Data shown —
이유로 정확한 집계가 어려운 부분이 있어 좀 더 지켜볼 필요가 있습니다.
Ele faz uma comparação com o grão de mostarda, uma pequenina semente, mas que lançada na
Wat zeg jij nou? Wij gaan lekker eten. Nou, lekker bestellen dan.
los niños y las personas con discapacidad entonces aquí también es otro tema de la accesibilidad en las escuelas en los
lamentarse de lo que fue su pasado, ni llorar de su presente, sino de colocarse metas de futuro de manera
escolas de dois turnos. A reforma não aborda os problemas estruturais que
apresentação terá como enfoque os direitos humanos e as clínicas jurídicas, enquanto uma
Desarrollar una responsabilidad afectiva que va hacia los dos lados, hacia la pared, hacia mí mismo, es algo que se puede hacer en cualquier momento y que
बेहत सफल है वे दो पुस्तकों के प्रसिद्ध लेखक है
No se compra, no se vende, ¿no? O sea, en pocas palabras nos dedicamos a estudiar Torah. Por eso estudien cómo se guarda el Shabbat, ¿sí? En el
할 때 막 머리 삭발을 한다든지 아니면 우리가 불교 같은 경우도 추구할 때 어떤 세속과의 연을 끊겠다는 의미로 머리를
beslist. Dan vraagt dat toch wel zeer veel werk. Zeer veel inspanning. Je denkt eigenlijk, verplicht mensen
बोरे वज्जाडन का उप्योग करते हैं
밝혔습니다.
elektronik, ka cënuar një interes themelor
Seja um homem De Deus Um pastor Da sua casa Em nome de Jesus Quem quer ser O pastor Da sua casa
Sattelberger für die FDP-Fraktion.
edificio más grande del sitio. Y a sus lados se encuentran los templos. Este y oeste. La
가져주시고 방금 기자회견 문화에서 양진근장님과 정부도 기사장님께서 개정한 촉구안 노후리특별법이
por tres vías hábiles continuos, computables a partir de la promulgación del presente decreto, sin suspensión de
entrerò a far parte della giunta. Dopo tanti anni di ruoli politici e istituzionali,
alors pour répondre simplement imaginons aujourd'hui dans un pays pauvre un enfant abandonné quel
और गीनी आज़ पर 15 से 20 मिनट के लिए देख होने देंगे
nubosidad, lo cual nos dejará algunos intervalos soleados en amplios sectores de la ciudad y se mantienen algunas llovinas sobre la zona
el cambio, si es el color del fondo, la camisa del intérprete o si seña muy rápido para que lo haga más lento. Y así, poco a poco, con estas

Task objective — Using the data above, count the lines where "lados" appears. Reply with the number only.

Solution for this problem — 2